=== The task ===
First find the line with "#2263 = DIRECTION" in the entries below, then set down exactly every line through the line with "#6809 = CARTESIAN_POINT", that line included.

(Saved data entries)
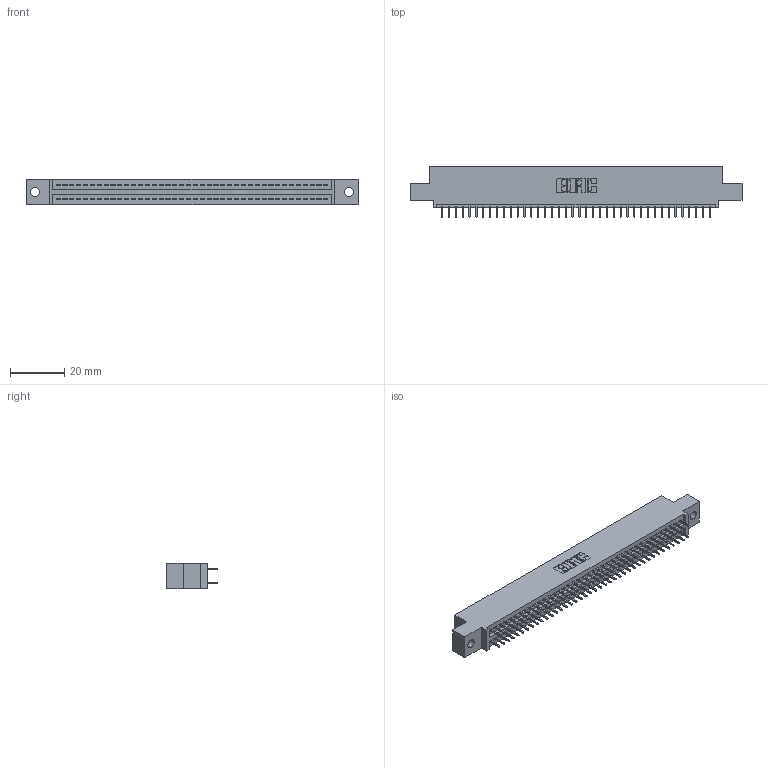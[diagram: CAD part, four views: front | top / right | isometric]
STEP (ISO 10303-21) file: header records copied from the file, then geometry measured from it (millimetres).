
FILE_DESCRIPTION (( 'STEP AP203' ), '1' );
FILE_NAME ('845-080-525-502.STEP', '2020-09-24T00:57:16', ( '' ), ( '' ), 'SwSTEP 2.0', 'SolidWorks 2020', '' );
FILE_SCHEMA (( 'CONFIG_CONTROL_DESIGN' ));
Length unit declared in the file: inch
Products named in the file (3): 845-080-525-502; 845 Part_0.110 Offset - 0.128 Dia; 345-292-001_345-293-125
Assembly tree (81 placements, depth 2):
  845-080-525-502
    845 Part_0.110 Offset - 0.128 Dia
    345-292-001_345-293-125  x80
Bounding box: 122.81 x 18.72 x 9.4 mm (x, y, z)
Volume: 11669.5 mm3; surface area: 16634 mm2
Topology: 81 solids, 81 shells, 4450 faces, 12593 edges, 8074 vertices
Faces by surface type: plane 3204, cylinder 1246
Entity records: 31863 total; most frequent: CARTESIAN_POINT 5344, ORIENTED_EDGE 5278, DIRECTION 4715, EDGE_CURVE 2639, LINE 2351, VECTOR 2351, VERTEX_POINT 1754, AXIS2_PLACEMENT_3D 1182
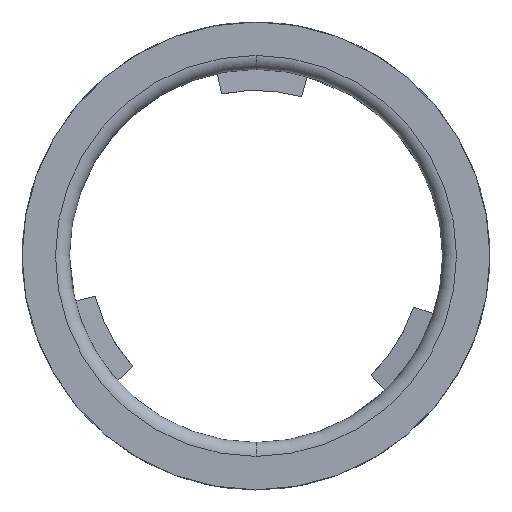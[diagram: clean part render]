
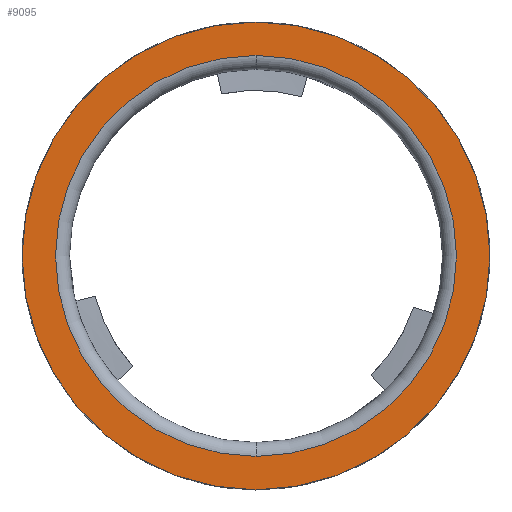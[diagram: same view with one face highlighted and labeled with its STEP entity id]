
A CAD part, top view. The second image highlights one B-rep face of the part: STEP entity #9095.
In plain terms, the highlighted planar face has unit normal (0, 0, 1).
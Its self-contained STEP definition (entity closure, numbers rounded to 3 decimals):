
#655 = DIRECTION ( 'NONE',  ( 0., 0., -1. ) ) ;
#728 = VERTEX_POINT ( 'NONE', #3716 ) ;
#953 = DIRECTION ( 'NONE',  ( 0., 1., 0. ) ) ;
#1320 = ORIENTED_EDGE ( 'NONE', *, *, #4883, .F. ) ;
#1424 = VERTEX_POINT ( 'NONE', #3050 ) ;
#1698 = CARTESIAN_POINT ( 'NONE',  ( 0., 0., 0. ) ) ;
#1860 = CARTESIAN_POINT ( 'NONE',  ( 0., -16.8, 0. ) ) ;
#2131 = AXIS2_PLACEMENT_3D ( 'NONE', #2593, #11202, #8217 ) ;
#2263 = DIRECTION ( 'NONE',  ( 0., 0., 1. ) ) ;
#2519 = EDGE_LOOP ( 'NONE', ( #7962, #8909 ) ) ;
#2521 = FACE_BOUND ( 'NONE', #2519, .T. ) ;
#2593 = CARTESIAN_POINT ( 'NONE',  ( 0., 0., 0. ) ) ;
#3050 = CARTESIAN_POINT ( 'NONE',  ( 0., 14.4, 0. ) ) ;
#3069 = CIRCLE ( 'NONE', #7829, 16.8 ) ;
#3128 = AXIS2_PLACEMENT_3D ( 'NONE', #11749, #2263, #5227 ) ;
#3716 = CARTESIAN_POINT ( 'NONE',  ( 0., 16.8, 0. ) ) ;
#4447 = PLANE ( 'NONE',  #2131 ) ;
#4883 = EDGE_CURVE ( 'NONE', #728, #8642, #7588, .T. ) ;
#4979 = VERTEX_POINT ( 'NONE', #7865 ) ;
#5209 = CARTESIAN_POINT ( 'NONE',  ( 0., 0., 0. ) ) ;
#5227 = DIRECTION ( 'NONE',  ( 0., 1., 0. ) ) ;
#6316 = DIRECTION ( 'NONE',  ( 0., 1., 0. ) ) ;
#6734 = EDGE_CURVE ( 'NONE', #728, #8642, #3069, .T. ) ;
#6809 = CARTESIAN_POINT ( 'NONE',  ( 0., 0., 0. ) ) ;
#6990 = AXIS2_PLACEMENT_3D ( 'NONE', #6809, #10605, #953 ) ;
#7230 = FACE_OUTER_BOUND ( 'NONE', #10142, .T. ) ;
#7470 = CIRCLE ( 'NONE', #10239, 14.4 ) ;
#7554 = DIRECTION ( 'NONE',  ( 0., 1., 0. ) ) ;
#7588 = CIRCLE ( 'NONE', #6990, 16.8 ) ;
#7829 = AXIS2_PLACEMENT_3D ( 'NONE', #1698, #12050, #7554 ) ;
#7865 = CARTESIAN_POINT ( 'NONE',  ( 0., -14.4, 0. ) ) ;
#7956 = ORIENTED_EDGE ( 'NONE', *, *, #6734, .T. ) ;
#7962 = ORIENTED_EDGE ( 'NONE', *, *, #10370, .F. ) ;
#8217 = DIRECTION ( 'NONE',  ( 0., -1., 0. ) ) ;
#8642 = VERTEX_POINT ( 'NONE', #1860 ) ;
#8909 = ORIENTED_EDGE ( 'NONE', *, *, #9844, .T. ) ;
#9095 = ADVANCED_FACE ( 'NONE', ( #7230, #2521 ), #4447, .F. ) ;
#9844 = EDGE_CURVE ( 'NONE', #1424, #4979, #7470, .T. ) ;
#9867 = CIRCLE ( 'NONE', #3128, 14.4 ) ;
#10142 = EDGE_LOOP ( 'NONE', ( #1320, #7956 ) ) ;
#10239 = AXIS2_PLACEMENT_3D ( 'NONE', #5209, #655, #6316 ) ;
#10370 = EDGE_CURVE ( 'NONE', #1424, #4979, #9867, .T. ) ;
#10605 = DIRECTION ( 'NONE',  ( 0., 0., -1. ) ) ;
#11202 = DIRECTION ( 'NONE',  ( 0., 0., -1. ) ) ;
#11749 = CARTESIAN_POINT ( 'NONE',  ( 0., 0., 0. ) ) ;
#12050 = DIRECTION ( 'NONE',  ( 0., 0., 1. ) ) ;
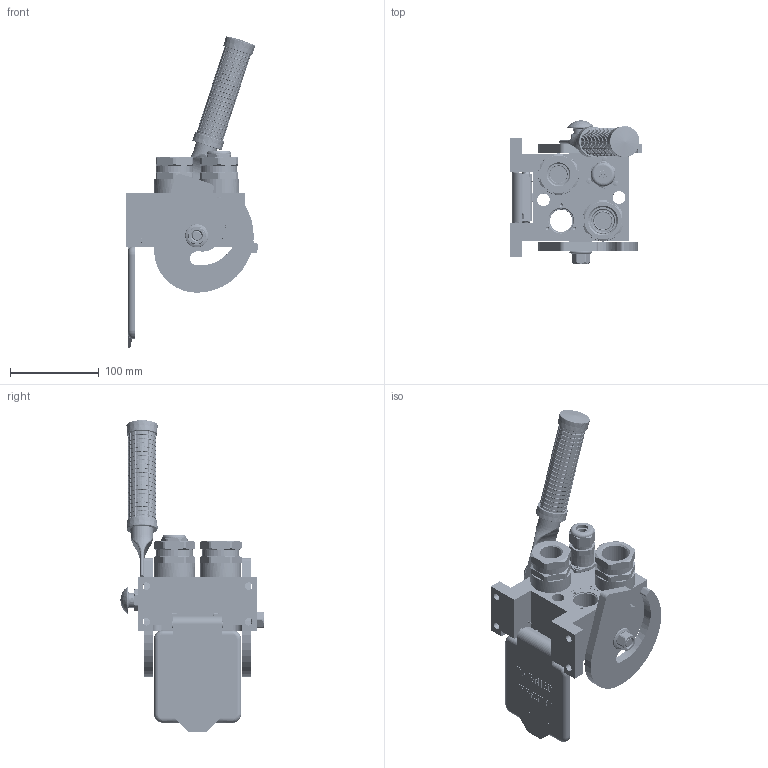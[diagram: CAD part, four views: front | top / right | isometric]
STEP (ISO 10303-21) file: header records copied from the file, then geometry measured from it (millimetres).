
FILE_DESCRIPTION (( 'STEP AP214' ), '1' );
FILE_NAME ('FASTER.step', '2023-09-06T07:32:09', ( '' ), ( '' ), 'SwSTEP 2.0', 'SolidWorks 2017', '' );
FILE_SCHEMA (( 'AUTOMOTIVE_DESIGN' ));
Length unit declared in the file: millimetre
Products named in the file (39): A_2ffnb34-1gas_f; 2ffnb34_gas_f; 2ffnb34-1gas_f; P510_F_ALB_BASE; 4820_001_0004_000; 4830_046_0000_000; 4830_044_0000_000; curs_molla_34; 4250_014_1000_000; or2_62x17_86; 4830_001_0005_301; 4830_025_0000_001; or1_5x7_m; 4150_072_1000_200; 4830_025_2000_000; 4830_025_1000_000; 1540_080_0012_000; 4810_001_0001_014; 4850_024_6001_000; et011; 4830_022_0000_011; FASTER; 4850_024_5001_010; 4820_024_1002_011; 0048_042_0412_000; 4850_024_6002_020; 4850_024_0000_012; 4830_070_0000_001; A_2ffnb34_gas_f; 4850_024_6001_000_ASM; 4830_020_0000_033; 4850_024_6001_021; 4830_001_0005_300; 4241_072_0000_200; corpospel08-3f; sicura_p5; conn_3p_f
Assembly tree (44 placements, depth 4):
  FASTER
    P510_F_ALB_BASE
      4830_020_0000_033
      4830_025_1000_000
      4820_001_0004_000
      4810_001_0001_014
      4830_022_0000_011
      4830_070_0000_001
      4830_001_0005_300
      4830_001_0005_301
      or2_62x17_86  x2
    A_2ffnb34_gas_f
      curs_molla_34
        4150_072_1000_200
        4250_014_1000_000
      2ffnb34_gas_f
        2ffnb34_gas_f
    conn_3p_f
      corpospel08-3f
      4830_044_0000_000  x3
      4830_046_0000_000
      4241_072_0000_200
    A_2ffnb34-1gas_f
      curs_molla_34
        4150_072_1000_200
        4250_014_1000_000
      2ffnb34-1gas_f
        2ffnb34-1gas_f
    4850_024_6001_000
      4850_024_6001_000_ASM
        4850_024_5001_010
        4850_024_6001_021
        4820_024_1002_011
      sicura_p5
        4830_025_0000_001
        or1_5x7_m
        0048_042_0412_000
      4850_024_6002_020
      4850_024_0000_012
      1540_080_0012_000
      4830_025_2000_000
      or2_62x17_86  x2
    et011
Bounding box: 148.95 x 160.93 x 350 mm (x, y, z)
Volume: 251909.2 mm3; surface area: 337554.4 mm2
Topology: 25 solids, 63 shells, 5520 faces, 14984 edges, 9622 vertices
Faces by surface type: plane 2342, cylinder 1909, torus 672, cone 302, bspline 255, sphere 40
Entity records: 238714 total; most frequent: CARTESIAN_POINT 95628, ORIENTED_EDGE 28412, DIRECTION 25021, EDGE_CURVE 14665, VERTEX_POINT 9450, AXIS2_PLACEMENT_3D 8521, VECTOR 7979, LINE 7979
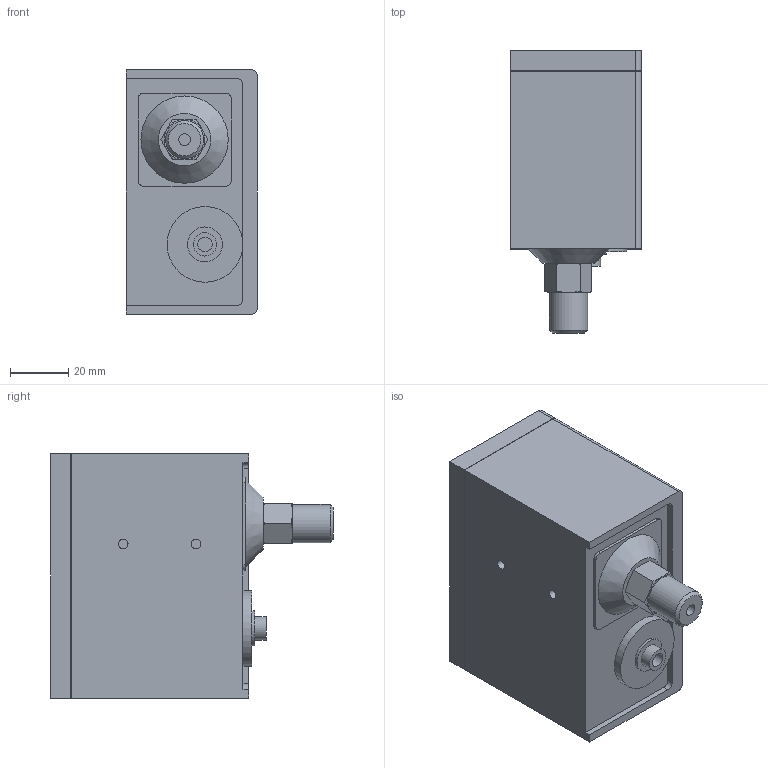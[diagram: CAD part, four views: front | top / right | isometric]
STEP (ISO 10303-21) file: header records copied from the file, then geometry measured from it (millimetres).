
FILE_DESCRIPTION(/* description */ ('РД-2Р-мод35-G1_4'),/* implementation_level */ '2;1');
FILE_NAME(/* name */ 'РД-2Р-мод35-G1_4.stp',/* time_stamp */ '2023-02-15T09:48:27+03:00',/* author */ ('Tech'),/* organization */ (''),/* preprocessor_version */ 'ST-DEVELOPER v18.1',/* originating_system */ 'Autodesk Inventor 2021',/* authorisation */ '');
FILE_SCHEMA (('AUTOMOTIVE_DESIGN { 1 0 10303 214 3 1 1 }'));
Length unit declared in the file: millimetre
Products named in the file (1): РД-2Р-мод35-G
1_4
Bounding box: 45.1 x 97 x 84 mm (x, y, z)
Volume: 259595.5 mm3; surface area: 27280.5 mm2
Topology: 1 solids, 1 shells, 145 faces, 373 edges, 253 vertices
Faces by surface type: plane 104, cylinder 31, cone 10
Full cylindrical faces by diameter (mm): 2.067 x1, 3.242 x2, 4 x1, 4.092 x1, 5 x1, 8 x1, 12 x1, 13.157 x1, 26 x1
Entity records: 4450 total; most frequent: CARTESIAN_POINT 813, ORIENTED_EDGE 748, DIRECTION 737, EDGE_CURVE 374, LINE 263, VECTOR 263, VERTEX_POINT 253, AXIS2_PLACEMENT_3D 237

=== Written response ===
#2263 = DIRECTION ( 'NONE',  ( 0., 0., 1. ) ) ;
#2519 = EDGE_LOOP ( 'NONE', ( #7962, #8909 ) ) ;
#2521 = FACE_BOUND ( 'NONE', #2519, .T. ) ;
#2593 = CARTESIAN_POINT ( 'NONE',  ( 0., 0., 0. ) ) ;
#3050 = CARTESIAN_POINT ( 'NONE',  ( 0., 14.4, 0. ) ) ;
#3069 = CIRCLE ( 'NONE', #7829, 16.8 ) ;
#3128 = AXIS2_PLACEMENT_3D ( 'NONE', #11749, #2263, #5227 ) ;
#3716 = CARTESIAN_POINT ( 'NONE',  ( 0., 16.8, 0. ) ) ;
#4447 = PLANE ( 'NONE',  #2131 ) ;
#4883 = EDGE_CURVE ( 'NONE', #728, #8642, #7588, .T. ) ;
#4979 = VERTEX_POINT ( 'NONE', #7865 ) ;
#5209 = CARTESIAN_POINT ( 'NONE',  ( 0., 0., 0. ) ) ;
#5227 = DIRECTION ( 'NONE',  ( 0., 1., 0. ) ) ;
#6316 = DIRECTION ( 'NONE',  ( 0., 1., 0. ) ) ;
#6734 = EDGE_CURVE ( 'NONE', #728, #8642, #3069, .T. ) ;
#6809 = CARTESIAN_POINT ( 'NONE',  ( 0., 0., 0. ) ) ;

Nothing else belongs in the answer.